Work order
Your answer must consist only of the lines from the start of the entries through the line that holds "Q: Is the text italic", copied exactly, with no pictures.

(Beginning of Input data)

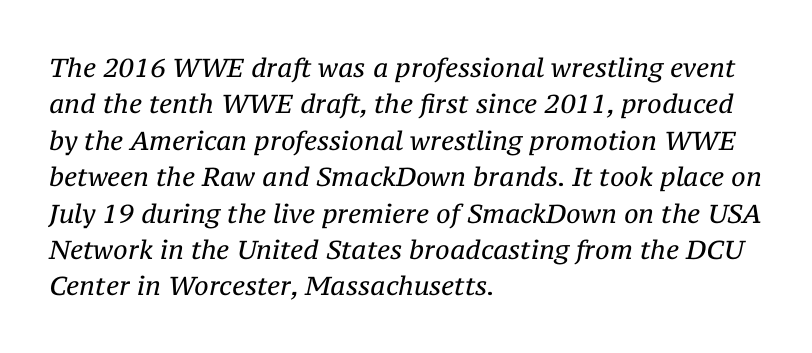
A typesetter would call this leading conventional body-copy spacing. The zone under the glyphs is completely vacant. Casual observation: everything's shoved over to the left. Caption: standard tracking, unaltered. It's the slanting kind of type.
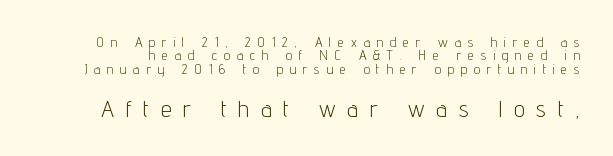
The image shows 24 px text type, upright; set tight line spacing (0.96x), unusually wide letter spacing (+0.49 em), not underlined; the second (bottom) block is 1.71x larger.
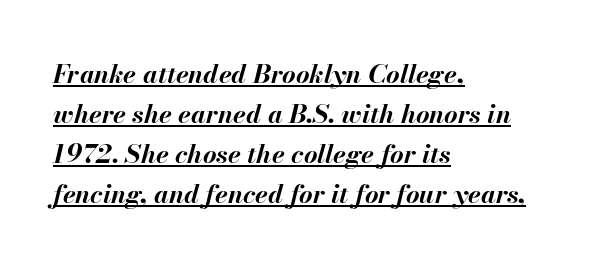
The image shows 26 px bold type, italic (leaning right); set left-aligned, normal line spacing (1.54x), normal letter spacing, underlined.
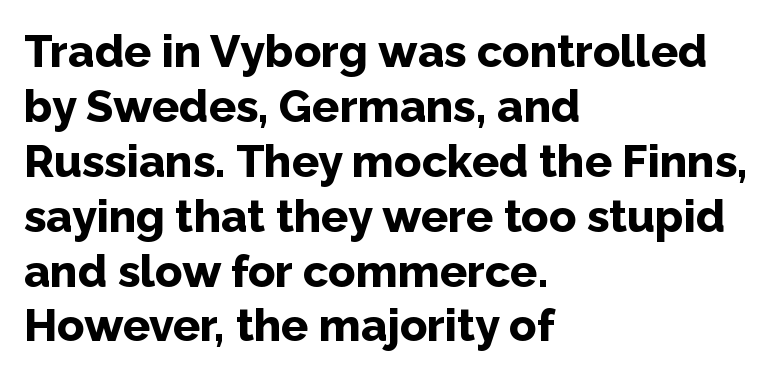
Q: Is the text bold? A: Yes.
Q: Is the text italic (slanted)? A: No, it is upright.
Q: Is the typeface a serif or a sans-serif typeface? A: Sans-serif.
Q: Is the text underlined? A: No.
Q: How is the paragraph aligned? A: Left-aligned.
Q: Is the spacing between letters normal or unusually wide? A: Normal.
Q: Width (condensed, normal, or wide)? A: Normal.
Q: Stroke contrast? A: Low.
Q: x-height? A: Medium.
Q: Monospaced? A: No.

(End of Input data)

Result
A typesetter would call this leading conventional body-copy spacing. The zone under the glyphs is completely vacant. Casual observation: everything's shoved over to the left. Caption: standard tracking, unaltered. It's the slanting kind of type.
The image shows 24 px text type, upright; set tight line spacing (0.96x), unusually wide letter spacing (+0.49 em), not underlined; the second (bottom) block is 1.71x larger.
The image shows 26 px bold type, italic (leaning right); set left-aligned, normal line spacing (1.54x), normal letter spacing, underlined.
Q: Is the text bold? A: Yes.
Q: Is the text italic (slanted)? A: No, it is upright.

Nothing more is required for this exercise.